**Work to be completed**
Check each line of the data for "class", then give the number of lines that have it, without any other words.
*** Supplied records ***
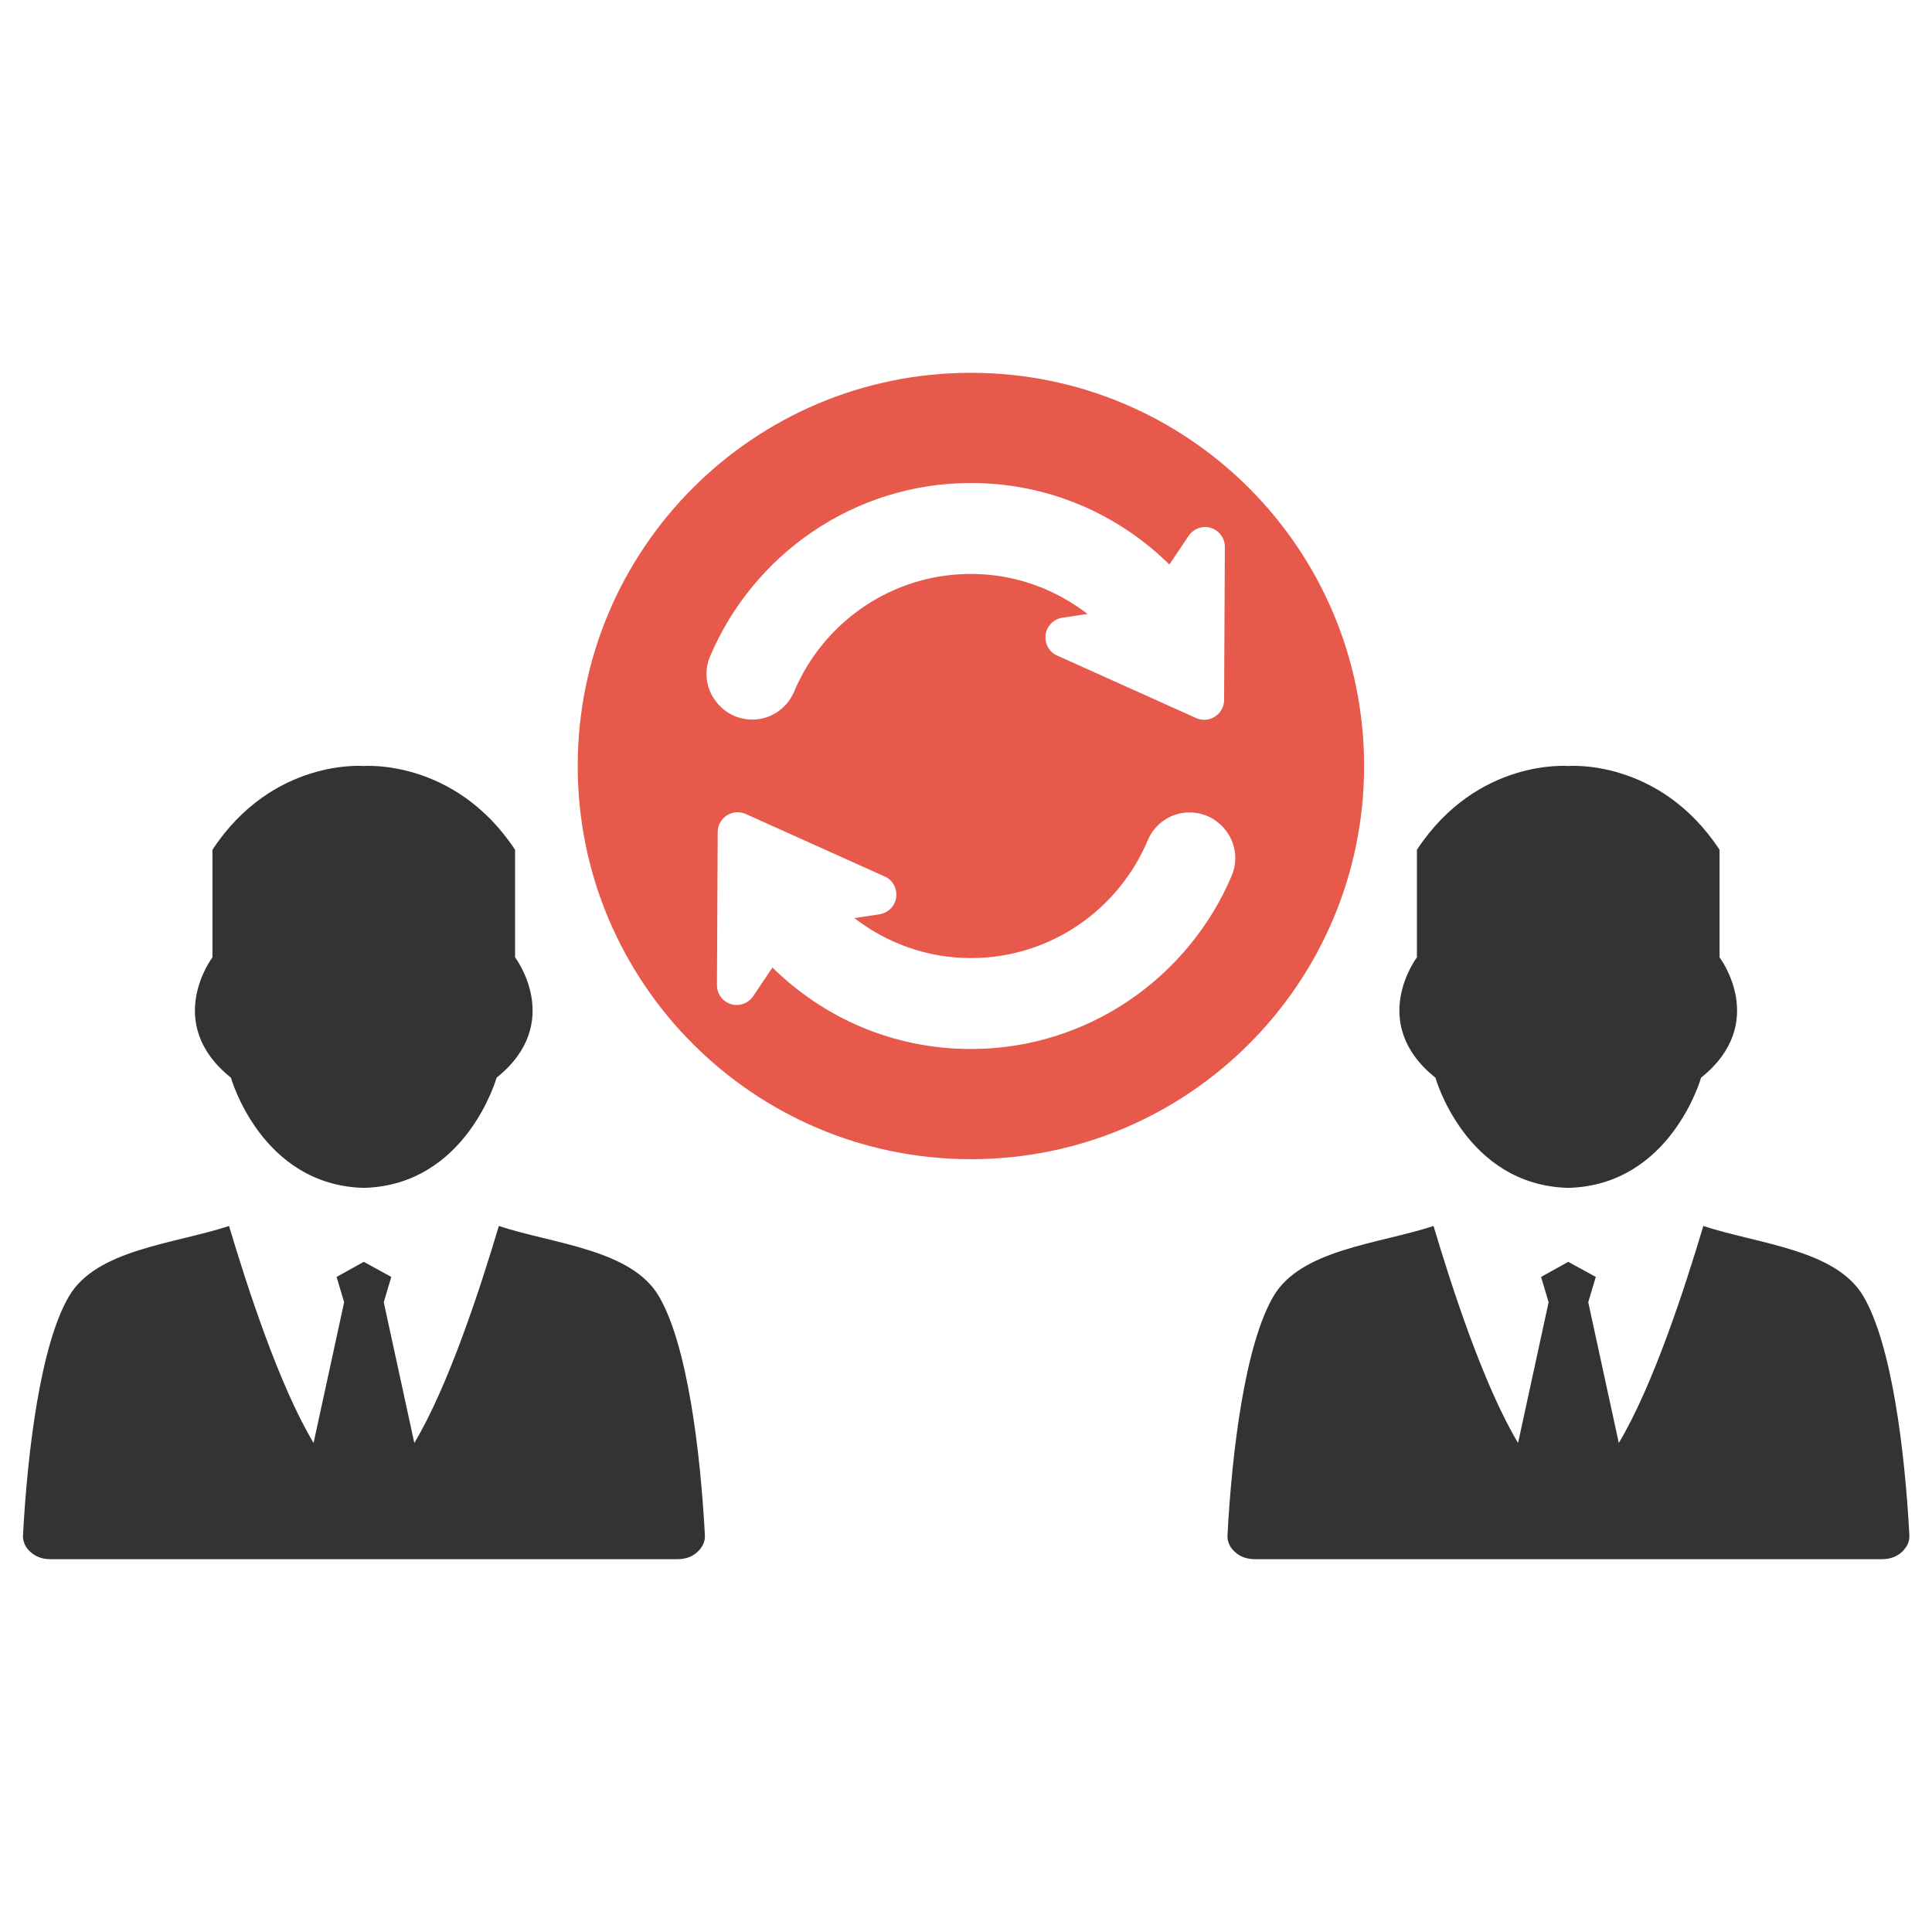 <?xml version="1.0" encoding="utf-8"?>
<!-- Generator: Adobe Illustrator 21.0.2, SVG Export Plug-In . SVG Version: 6.00 Build 0)  -->
<svg version="1.1" id="Layer_1" xmlns="http://www.w3.org/2000/svg" xmlns:xlink="http://www.w3.org/1999/xlink" x="0px" y="0px"
	 viewBox="0 0 512 512" style="enable-background:new 0 0 512 512;" xml:space="preserve">
<style type="text/css">
	.st0{fill:#E6594B;}
	.st1{fill-rule:evenodd;clip-rule:evenodd;fill:#333333;}
</style>
<g>
	<path class="st0" d="M257.3,98.8c-57.6,0-104.2,46.7-104.2,104.2s46.7,104.2,104.2,104.2c57.6,0,104.2-46.7,104.2-104.2
		S314.9,98.8,257.3,98.8z M188.2,173.9c11.4-26.9,38.1-45.9,69.1-45.9c20.5,0,39,8.2,52.6,21.6l5.1-7.6c1.3-1.9,3.7-2.8,5.9-2.1
		c2.2,0.7,3.7,2.7,3.7,5l-0.2,40.6c0,1.8-0.9,3.4-2.4,4.4c-1.5,1-3.4,1.1-5,0.4l-36.9-16.6c-2.1-0.9-3.3-3.2-3-5.5
		c0.3-2.3,2.1-4.1,4.4-4.5l6.7-1c-8.6-6.6-19.2-10.6-30.9-10.6c-21.1,0-39.2,12.9-46.9,31.3c-1.9,4.4-6.2,7.3-11,7.3
		c-4.1,0-7.8-2-10.1-5.4C187,181.9,186.6,177.6,188.2,173.9z M326.4,232.1C315,259,288.3,278,257.3,278c-20.5,0-39-8.2-52.6-21.6
		l-5.1,7.6c-1.3,1.9-3.7,2.8-5.9,2.1c-2.2-0.7-3.7-2.7-3.7-5l0.2-40.6c0-1.8,0.9-3.4,2.4-4.4c1.5-1,3.4-1.1,5-0.4l36.9,16.6
		c2.1,0.9,3.3,3.2,3,5.5c-0.3,2.3-2.1,4.1-4.4,4.5l-6.7,1c8.6,6.6,19.2,10.6,30.9,10.6c21.1,0,39.2-12.9,46.9-31.3
		c1.9-4.4,6.2-7.3,11-7.3c4.1,0,7.8,2,10.1,5.4C327.6,224.1,328,228.4,326.4,232.1z"/>
	<g>
		<g>
			<path class="st1" d="M96.4,334.4l-7.2,4l2,6.7l-8.1,37.3c-9.1-15.2-17.5-41.1-22.4-57.5c-14.7,4.8-35.1,6.2-42.4,18.6
				c-7.5,12.7-11,40.8-12.2,63.3c-0.1,1.7,0.6,3.3,2,4.5c1.4,1.3,3.2,1.9,5.3,1.9h166.1c2.1,0,3.9-0.6,5.3-1.9
				c1.4-1.3,2.1-2.8,2-4.5c-1.2-22.5-4.7-50.6-12.2-63.3c-7.3-12.4-27.8-13.8-42.4-18.6c-4.9,16.4-13.3,42.3-22.4,57.5l-8.1-37.3
				l2-6.7L96.4,334.4L96.4,334.4z"/>
			<path class="st1" d="M136.5,253.7v-28.5C120.5,201,96.4,203,96.4,203s-24.1-2.1-40.1,22.2v28.5c0,0-13.2,17.4,4.9,31.9
				c0,0,8,28.5,35.2,29.2c27.2-0.7,35.2-29.2,35.2-29.2C149.7,271.1,136.5,253.7,136.5,253.7z"/>
		</g>
		<g>
			<path class="st1" d="M415.6,334.4l-7.2,4l2,6.7l-8.1,37.3c-9.1-15.2-17.5-41.1-22.4-57.5c-14.7,4.8-35.1,6.2-42.4,18.6
				c-7.5,12.7-11,40.8-12.2,63.3c-0.1,1.7,0.6,3.3,2,4.5c1.4,1.3,3.2,1.9,5.3,1.9h166.1c2.1,0,3.9-0.6,5.3-1.9
				c1.4-1.3,2.1-2.8,2-4.5c-1.2-22.5-4.7-50.6-12.2-63.3c-7.3-12.4-27.8-13.8-42.4-18.6c-4.9,16.4-13.3,42.3-22.4,57.5l-8.1-37.3
				l2-6.7L415.6,334.4L415.6,334.4z"/>
			<path class="st1" d="M455.7,253.7v-28.5c-16-24.3-40.1-22.2-40.1-22.2s-24.1-2.1-40.1,22.2v28.5c0,0-13.2,17.4,4.9,31.9
				c0,0,8,28.5,35.2,29.2c27.2-0.7,35.2-29.2,35.2-29.2C468.9,271.1,455.7,253.7,455.7,253.7z"/>
		</g>
	</g>
</g>
</svg>
*** End of Supplied records ***
**Written answer**
5